In six studies, the prevalence of AG was described by gender(Reference Perez, Guzman and Ortiz24, Reference Pinzon, Serrano and Diaz26, Reference Medina-Lezama, Zea-Diaz and Morey-Vargas27, Reference Florez, Silva and Fernandez30, Reference Marquezine, Oliveira and Pereira32, Reference Velasquez-Melendez, Gazzinelli and Correa-Oliveira33) (weighted mean was 14·3 % for women and 17·6 % for men). In one of these, the prevalence was higher in women than in men, with a difference of 1·6 %(Reference Velasquez-Melendez, Gazzinelli and Correa-Oliveira33). In the other five studies(Reference Perez, Guzman and Ortiz24, Reference Pinzon, Serrano and Diaz26, Reference Medina-Lezama, Zea-Diaz and Morey-Vargas27, Reference Florez, Silva and Fernandez30, Reference Marquezine, Oliveira and Pereira32), the prevalence was higher in men than in women, with differences between 0·4 %(Reference Medina-Lezama, Zea-Diaz and Morey-Vargas27) and 16·7 %(Reference Perez, Guzman and Ortiz24).
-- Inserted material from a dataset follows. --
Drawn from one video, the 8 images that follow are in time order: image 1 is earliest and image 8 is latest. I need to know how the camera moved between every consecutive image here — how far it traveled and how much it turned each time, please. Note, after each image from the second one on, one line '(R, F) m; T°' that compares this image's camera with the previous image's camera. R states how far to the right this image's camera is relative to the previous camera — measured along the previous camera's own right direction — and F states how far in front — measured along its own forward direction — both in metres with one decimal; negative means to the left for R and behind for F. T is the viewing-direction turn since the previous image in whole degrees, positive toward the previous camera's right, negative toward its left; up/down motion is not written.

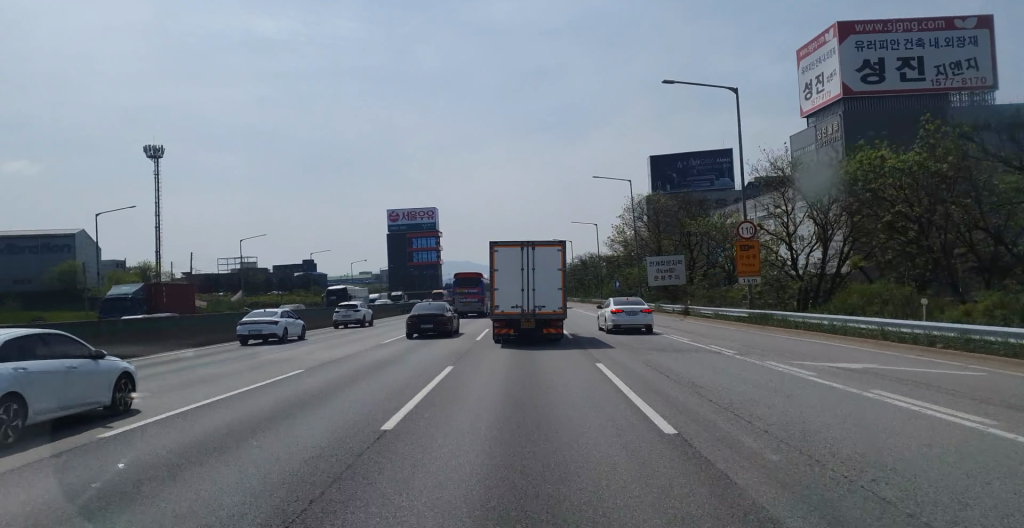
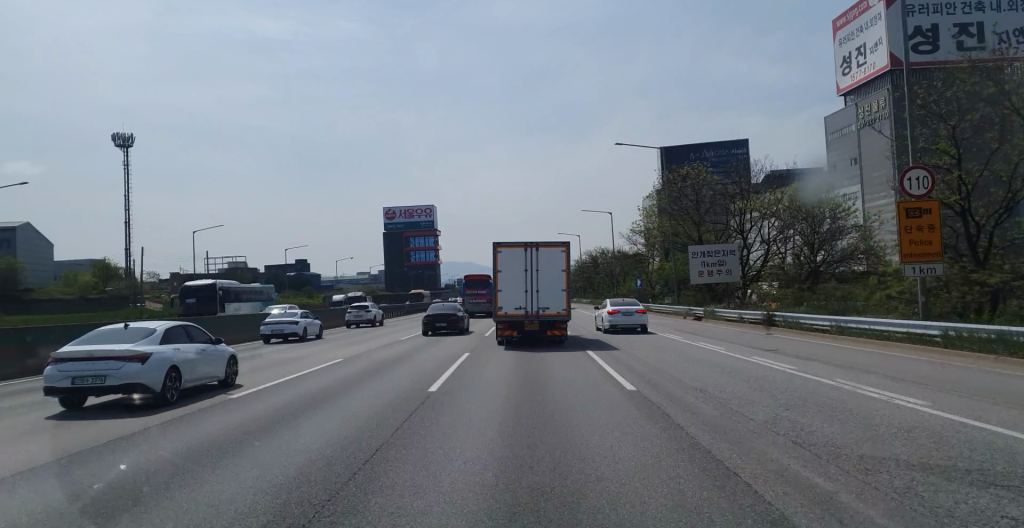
(+0.1, +15.5) m; +1°
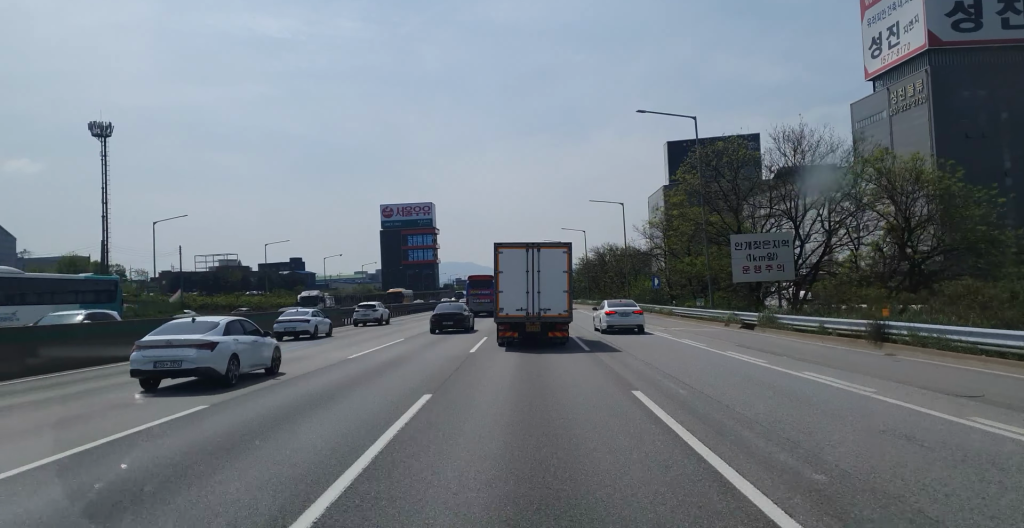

Only three studies reported the prevalence of AG by age(Reference Medina-Lezama, Zea-Diaz and Morey-Vargas27, Reference Gomez, Ramirez and Disdier29, Reference Marquezine, Oliveira and Pereira32), observing an increase with age.
Hypertension
The weighted mean prevalence of HT was found to be 42·6 % in the seven studies that reported on the general prevalence of this component(Reference Perez, Guzman and Ortiz24–Reference Medina-Lezama, Zea-Diaz and Morey-Vargas27, Reference Gomez, Ramirez and Disdier29, Reference Florez, Silva and Fernandez30, Reference Velasquez-Melendez, Gazzinelli and Correa-Oliveira33). HT was most prevalent in San Juan (77·2 %)(Reference Gomez, Ramirez and Disdier29) and the lowest prevalence was, again, in Bucaramanga (16·8 %)(Reference Pinzon, Serrano and Diaz26), both studies conducted among university employees.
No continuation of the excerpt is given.